INFORMATION PROVIDED:
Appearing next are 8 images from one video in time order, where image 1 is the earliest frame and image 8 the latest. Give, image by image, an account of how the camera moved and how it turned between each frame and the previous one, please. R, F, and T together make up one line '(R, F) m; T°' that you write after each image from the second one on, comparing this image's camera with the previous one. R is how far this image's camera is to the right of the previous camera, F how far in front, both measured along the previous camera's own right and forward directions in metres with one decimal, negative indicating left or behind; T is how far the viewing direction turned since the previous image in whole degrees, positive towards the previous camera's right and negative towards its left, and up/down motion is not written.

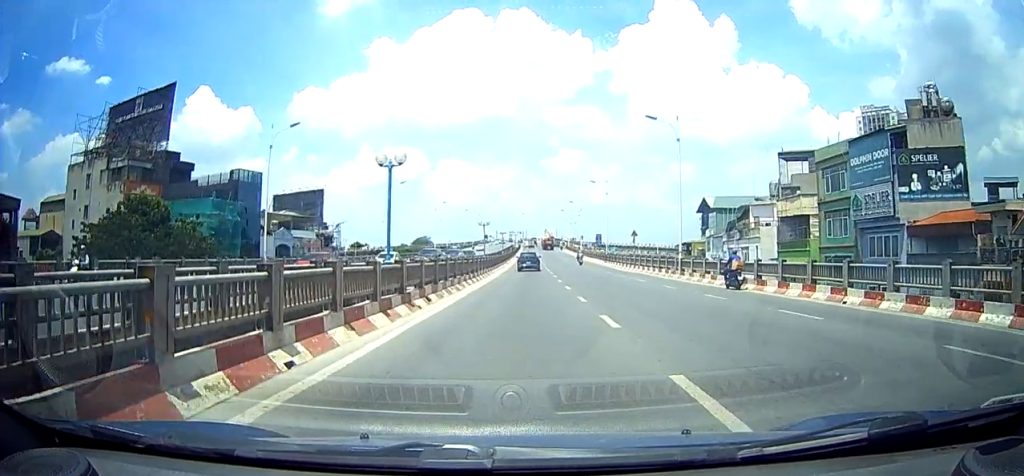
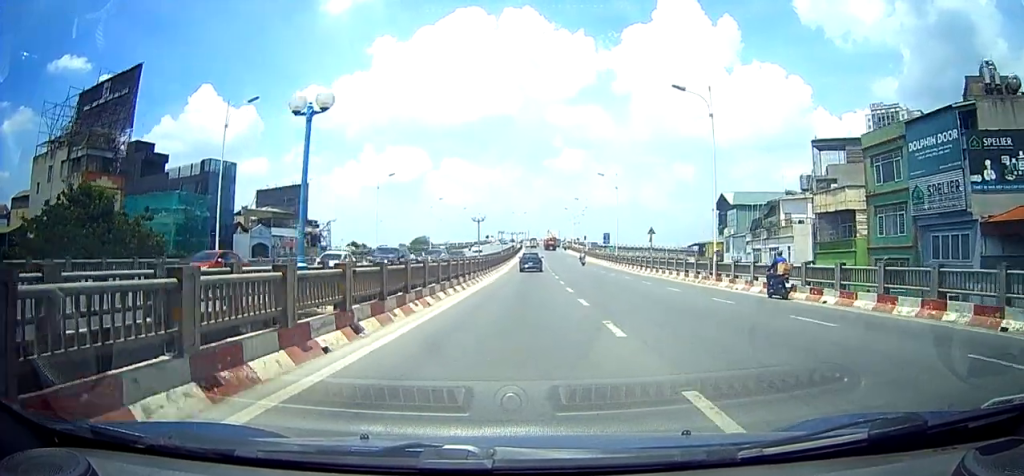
(+0.8, +7.1) m; 0°
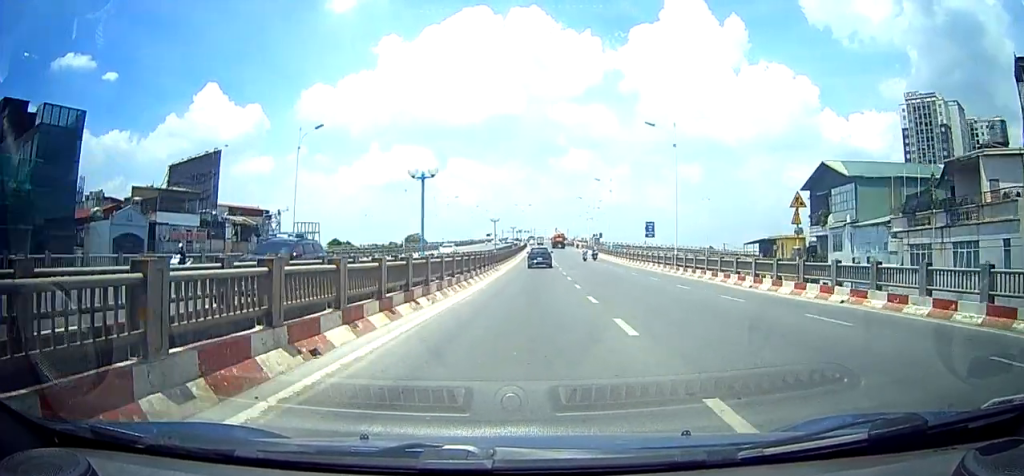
(-1.8, +24.6) m; -7°
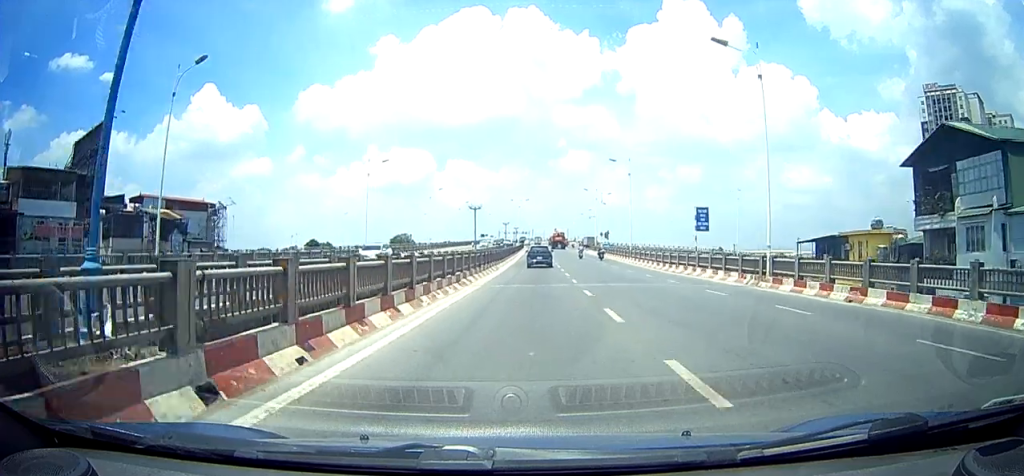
(+0.2, +16.6) m; +2°
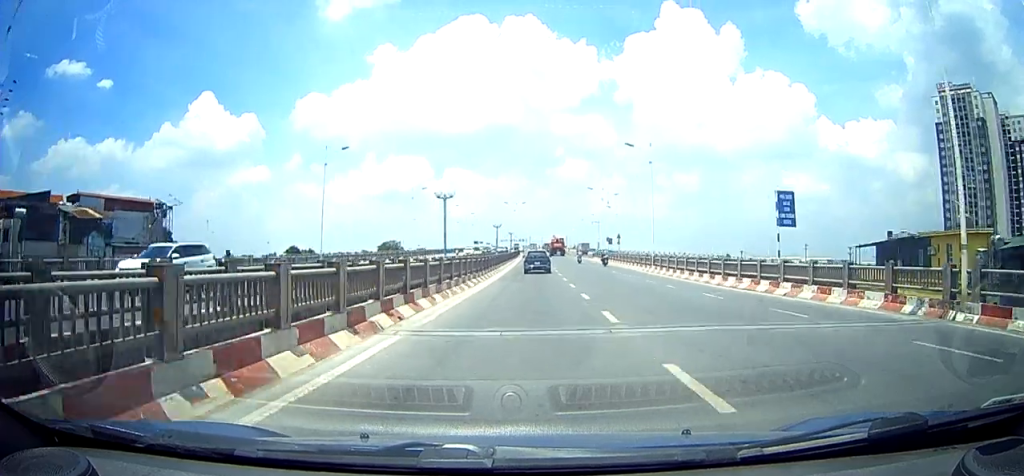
(+0.2, +12.1) m; +1°
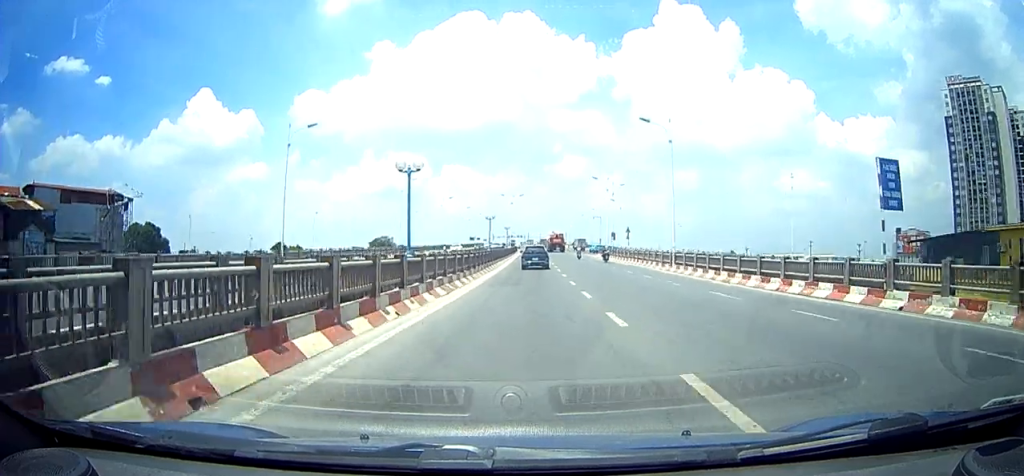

TASK TO CARRY OUT: Exactly as written, reproduce all of the entries while dropping the pictures.

WRITTEN RESPONSE:
Appearing next are 8 images from one video in time order, where image 1 is the earliest frame and image 8 the latest. Give, image by image, an account of how the camera moved and how it turned between each frame and the previous one, please. R, F, and T together make up one line '(R, F) m; T°' that you write after each image from the second one on, comparing this image's camera with the previous one. R is how far this image's camera is to the right of the previous camera, F how far in front, both measured along the previous camera's own right and forward directions in metres with one decimal, negative indicating left or behind; T is how far the viewing direction turned since the previous image in whole degrees, positive towards the previous camera's right and negative towards its left, and up/down motion is not written.

(+0.8, +7.1) m; 0°
(-1.8, +24.6) m; -7°
(+0.2, +16.6) m; +2°
(+0.2, +12.1) m; +1°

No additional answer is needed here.